Synthetic Data from Diffusion Models Improve Drug Discovery Prediction

There is a growing trend towards leveraging artificial intelligence (AI) in every stage of drug development [1]. Drug development is an expensive process: it costs $2-3 billion dollars and 13-15 years to bring a single drug to market. Drug discovery AI, by enabling the high-throughput screening (HTS) of ligand candidates, is geared to reduce the developmental costs of drugs by revolutionizing how ligands are designed and tested [2]. Drug development AI has found great initial success such as in poly-pharmacy [3], drug re-purposing [4, 5], drug-target interaction [6], drug response prediction [7], and in search of new antibiotics [8]. Equally important to advances in AI for drug discovery are the equal improvements in available public data for training and testing these models [9, 10, 11]. Only through equal strides in the development and refinement of drug discovery data, and the application of advanced AI models to that data, do breakthroughs happen for AI-based methods for drug discovery.
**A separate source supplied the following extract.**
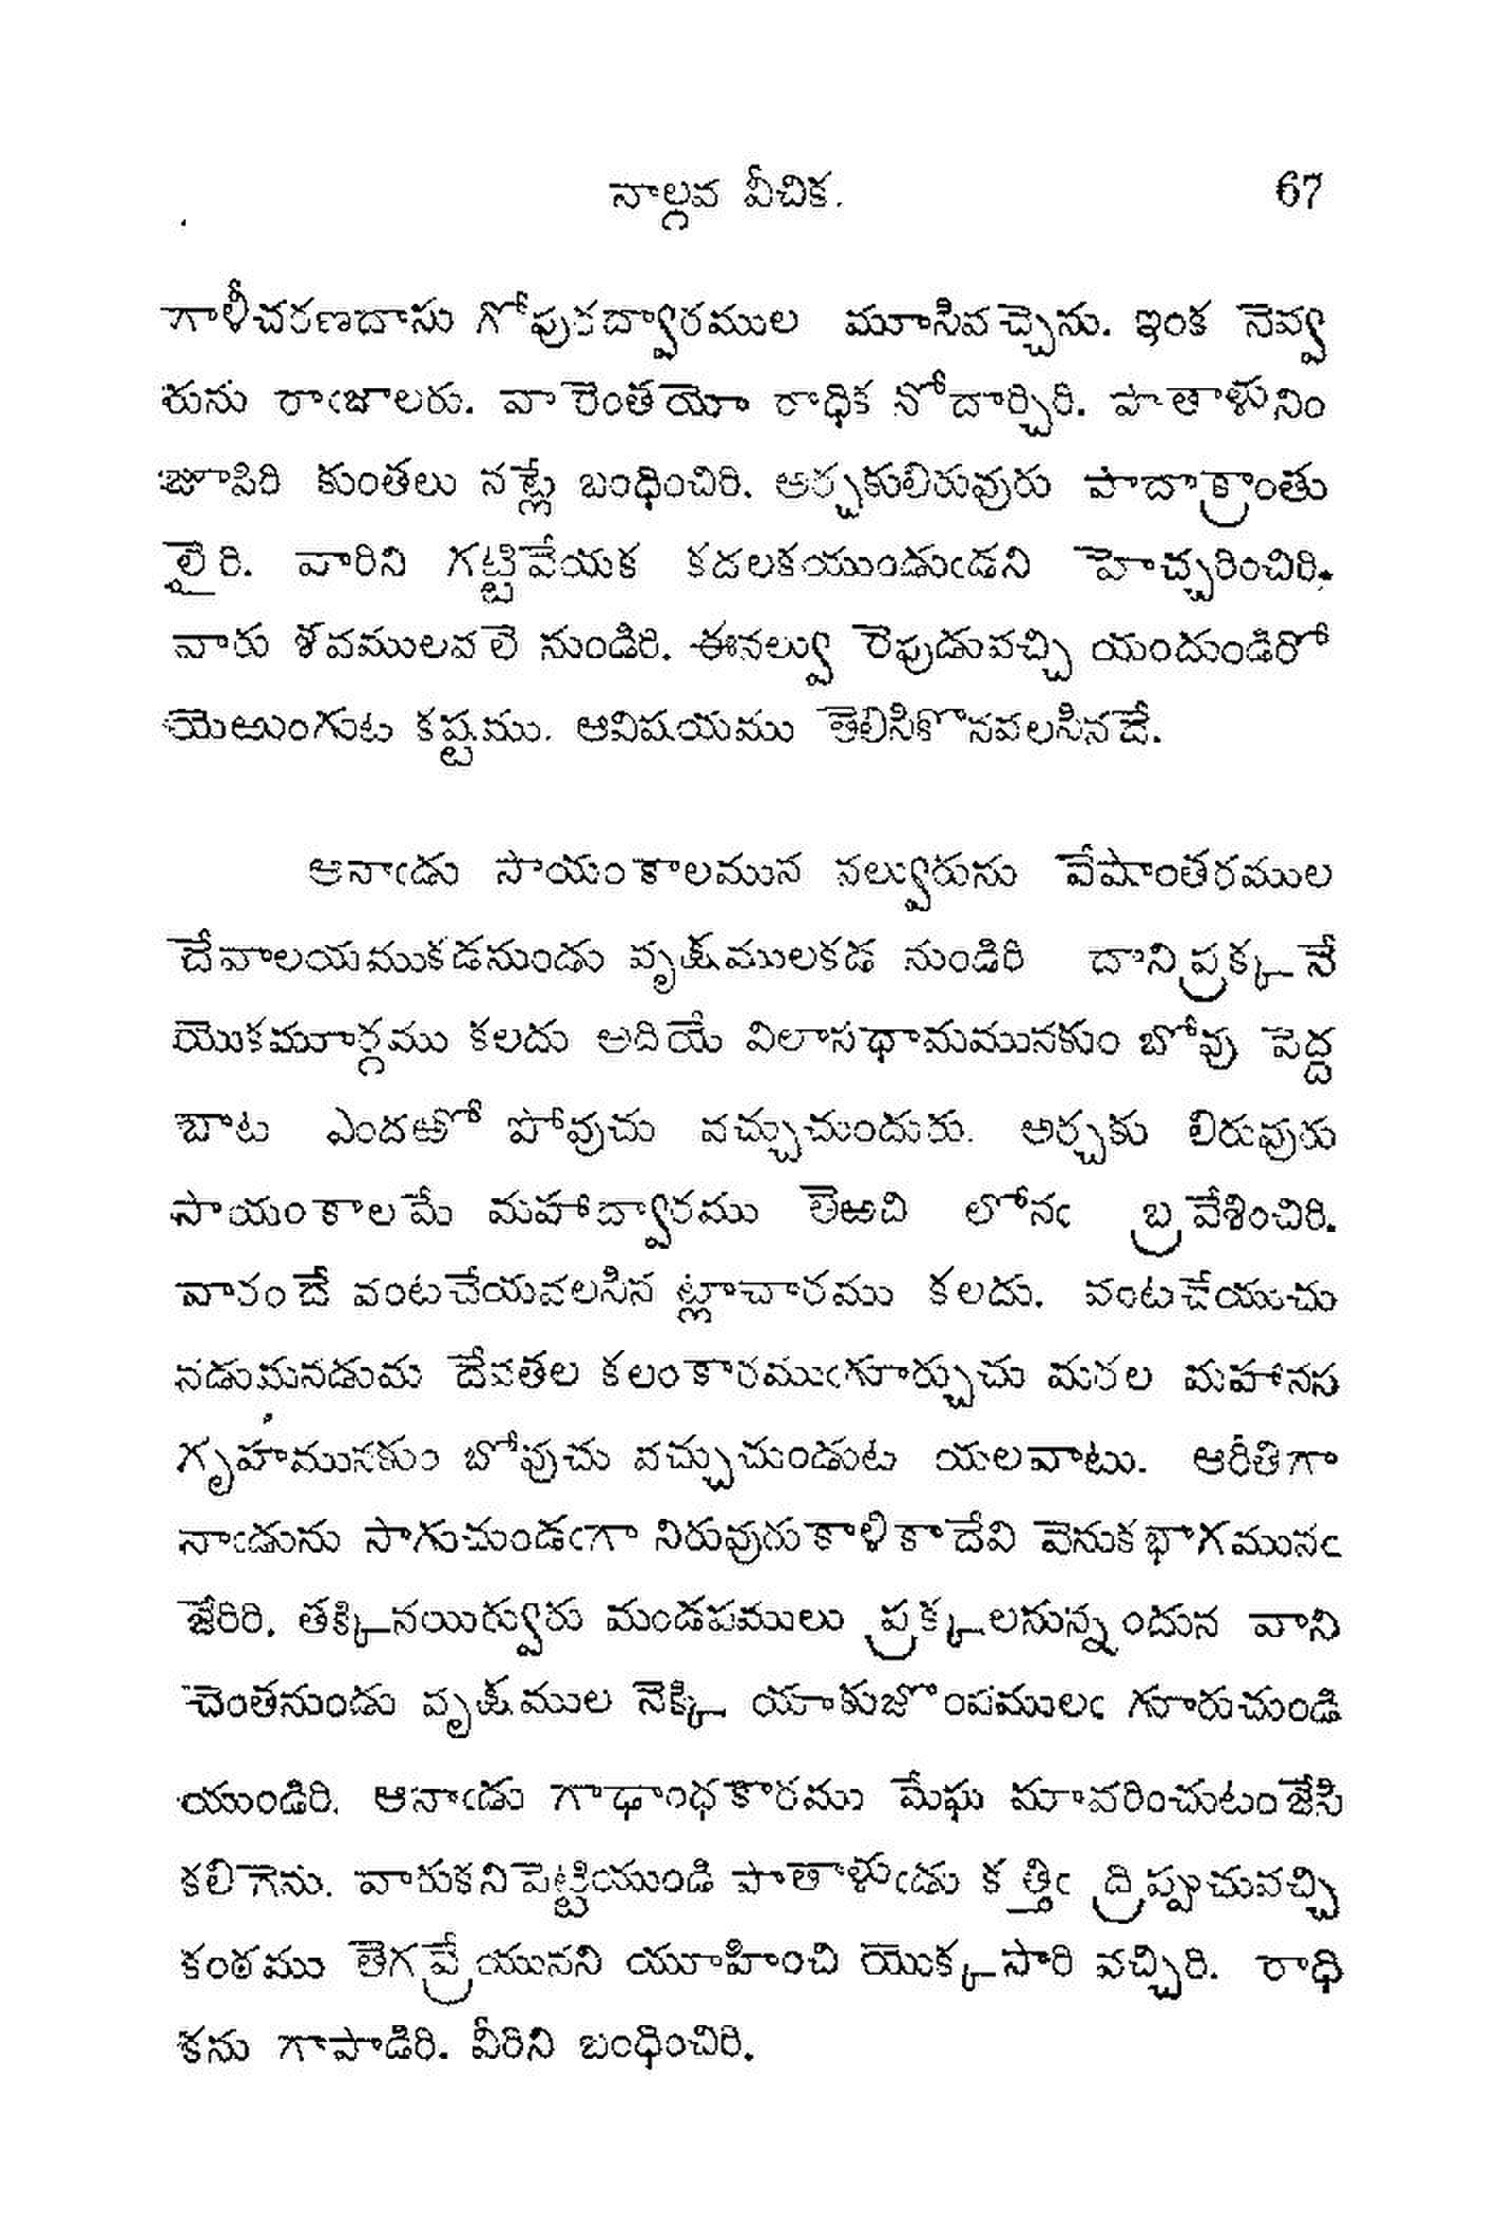గాళీచరణదాసు గోపురద్వారముల మూసివచ్చెను. ఇంక నెవ్వరును రాఁజాలరు. వారెంతయో రాధిక నోదార్చిరి. పాతాళునిం జూపిరి కుంతలు నల్లే బంధించిరి, అర్చకులిరువురు పాదాక్రాంతు లైరి. వారిని గట్టివేయక కదలకయుండుఁడని హెచ్చరించిరి. వారు శవములవలె నుండిరి. ఈనల్వురేపుడువచ్చి యందుండిరో యేఱుంగుట కష్టము. ఆవిషయము తెలిసికొనవలసినదే.

ఆనాఁడు సాయంకాలమున నల్వురును వేషాంతరముల దేవాలయముకడనుండు వృక్షములకడ నుండిరి దాని ప్రక్కనే యొకమార్గము కలదు అదియే విలాస ధామమునకుం బోవు పెద్ద బాట ఎందఱో పోవుచు వచ్చుచుందురు. అర్చకు లిరువురు సాయంకాలమే మహాద్వారము తెఱచి లోనఁ బ్రవేశించిరి. వారందే వంట చేయవలసిన ట్లాచారము కలదు. వంటచేయుచు నడుమనడుమ దేవతల కలంకారముఁగూర్చుచు మరల మహానస గృహమునకు బోవుచు వచ్చుచుండుట యలవాటు. ఆరీతిగా నాఁడును సాగుచుండఁగా నిరువురు కాళికాదేవి వెనుక భాగమునఁ జేరిరి. తక్కినయిర్వురు మండపములు ప్రక్కలనున్నందున వానీ చెంతనుండు వృక్షముల నెక్కి యాకుజొంపములఁ గూరుచుండి యుండిరి. ఆనాఁడు గాఢాంధకారము మేఘ మావరించుటం జేసి కలిగెను. వారుకని పెట్టియుండి పాతాళుఁడు కత్తిఁ ద్రిప్పుచువచ్చి కంఠము తెగ వ్రేయునని యూహించి యొక్క సారి వచ్చిరి. రాధికను గాపాడిరి. వీరిని బంధించిరి.

Huang et al. [9] noted 3 key challenges for drug discovery data to attracting ML scientists to therapeutics: (1) a lack of AI-ready datasets and standardized knowledge representations; (2) datasets scattered around the bio-repositories without curation; (3) a lack of data focused for rare diseases and novel drugs in development. We posit another data challenge that slows the advancement of drug discovery AI: datasets are often collected independently, often with little overlap, creating data sparsity. Data sparsity poses difficulties for researchers looking to answer research questions requiring data values posed across multiple different datasets.